No, yo no *te llamé* ayer.

No, io no ------- ieri.

Tengo problemas con el pasado, recién he comenzado a estudiar el viernes.


----------



## irene.acler

No, (io) non ti ho chiamato/chiamai ieri.

_Non ti ho chiamato _es el pretérito perfecto, que aquí en Italia se usa más al norte, mientras que _chiamai _es el preterito indefinido que se suele utilizar mucho más al sur.


----------



## saia

"Chiamai".
Puedes usar también: "io non ti ho chiamato".


----------



## Petitegirl

Grazie por la risposta!!!


----------



## irene.acler

Petitegirl said:


> Grazie per la risposta!!!



No hay de qué!


----------



## Neuromante

Ciao.

Solo advertire che questo Llamar spagnolo in italiano corrisponde al verbo Telefonare Perche da noi Telefonear a un senzo molto più ristretto, penso sia per come è orribile allo orecchio.


Forze sbaglio, ma del contesto penso si parli propio d´una telefonata.


----------



## irene.acler

Neuromante, entonces qué sentido tiene el verbo "telefonear"? Y cuándo se puede utilizar este verbo? Gracias.


----------



## roxcyn

irene.acler said:


> Neuromante, entonces qué sentido tiene el verbo "telefonear"? Y cuándo se puede utilizar este verbo? Gracias.
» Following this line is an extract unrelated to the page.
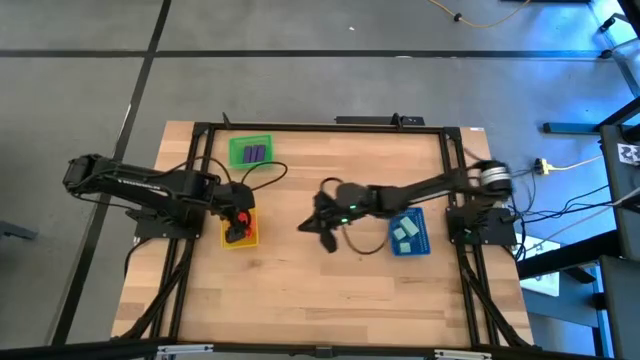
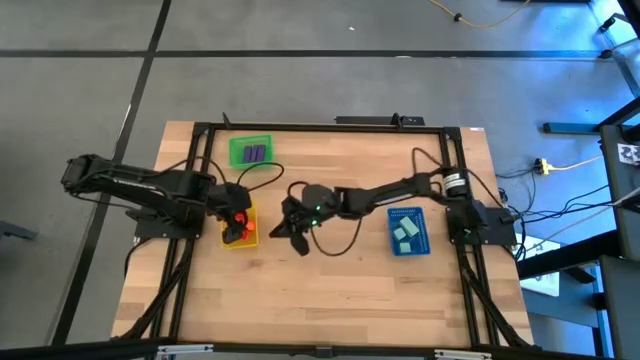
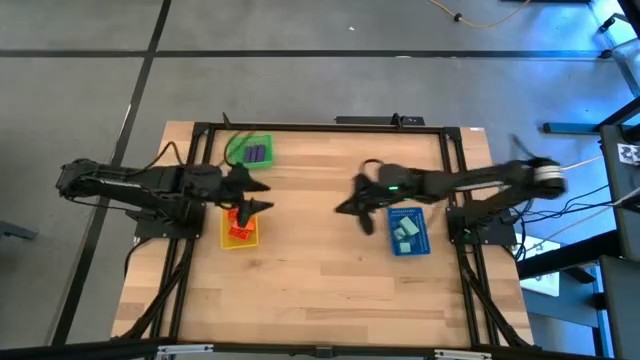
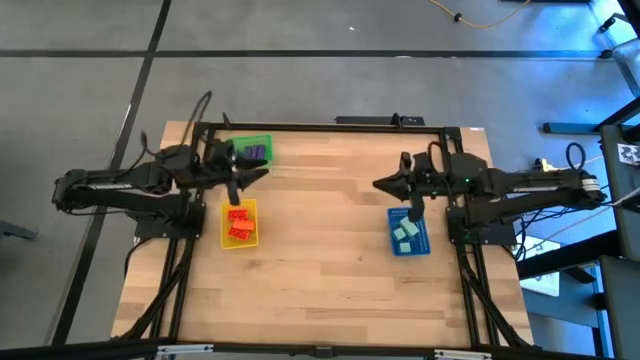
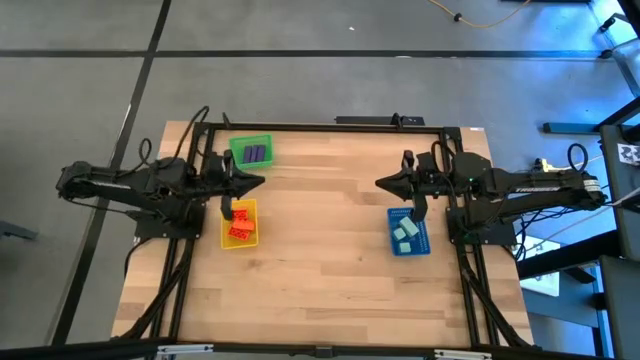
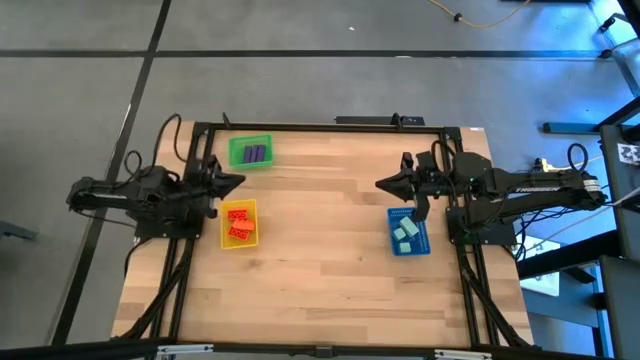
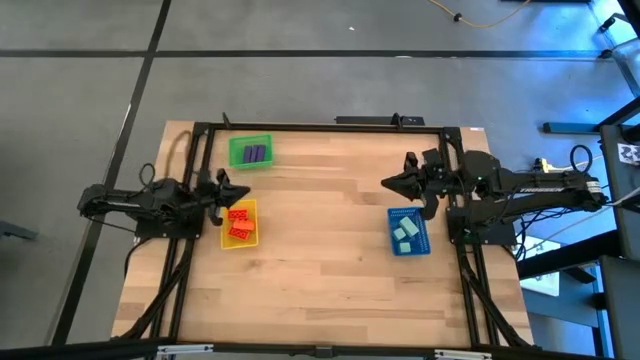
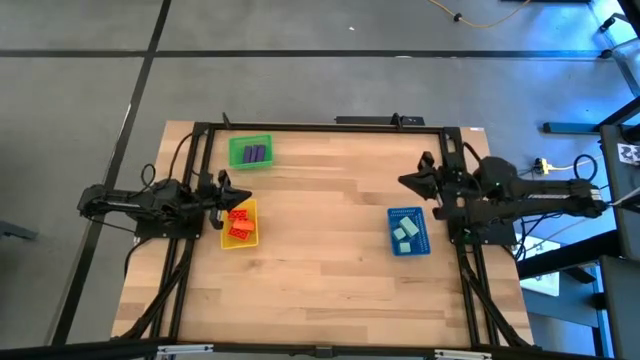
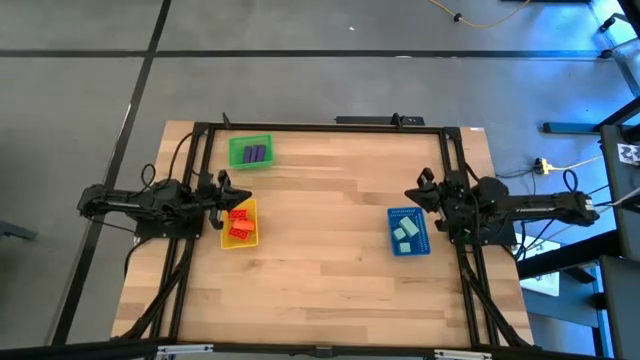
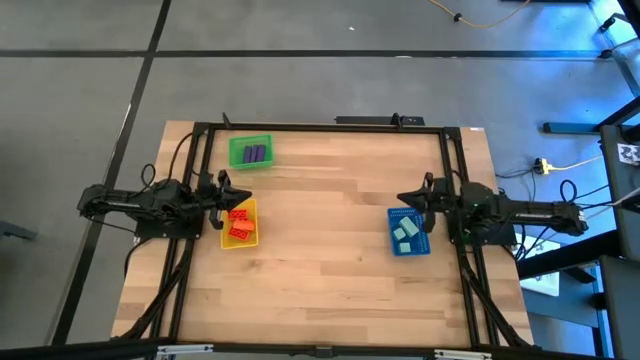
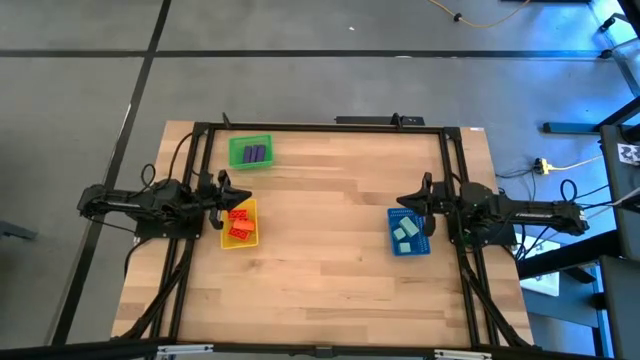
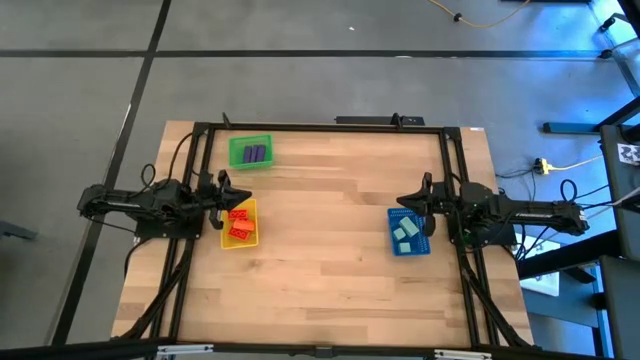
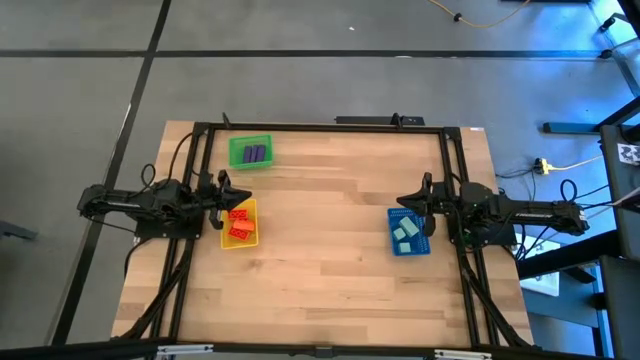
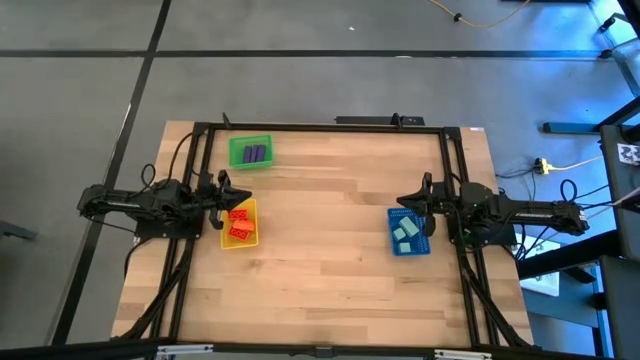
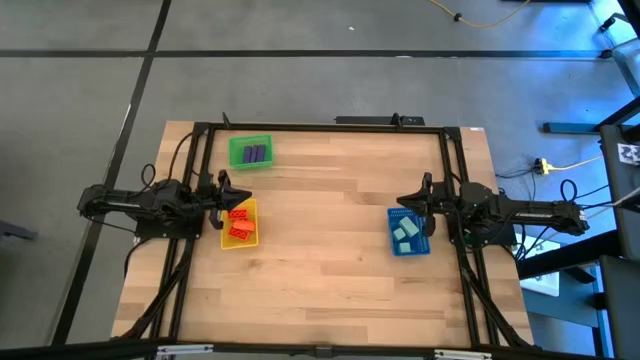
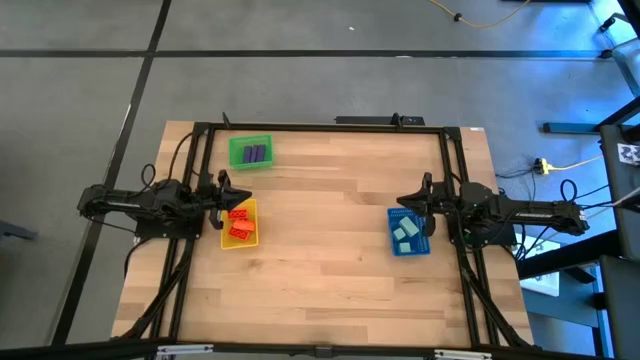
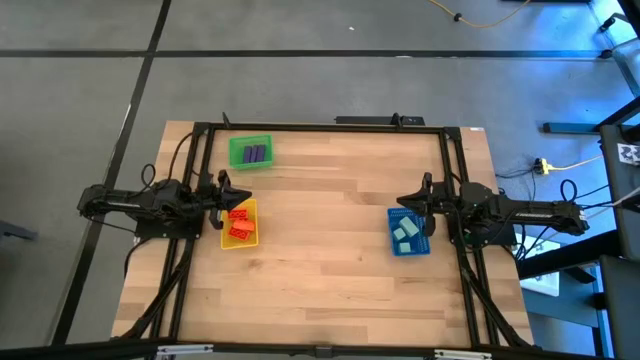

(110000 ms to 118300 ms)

Telefonear = chiamare (per telefono).  In spangolo ci sono due verbi: llamar y telefonear.  Llamar può dire "mi chiamo....." (Me llamo...) o può essere la voce: ¿Me llamaste?  Eschuché tu voz.  Ma in italiano non è così perché solamente c'è un verbo.  Chiamare


----------



## irene.acler

Bueno, pero en español se puede usar "llamar" con el sentido de "telefonear", no? Y también en italiano hay dos verbos, chiamare y telefonare.


----------



## roxcyn

irene.acler said:


> Bueno, pero en español se puede usar "llamar" con el sentido de "telefonear", no? Y también en italiano hay dos verbos, chiamare y telefonare.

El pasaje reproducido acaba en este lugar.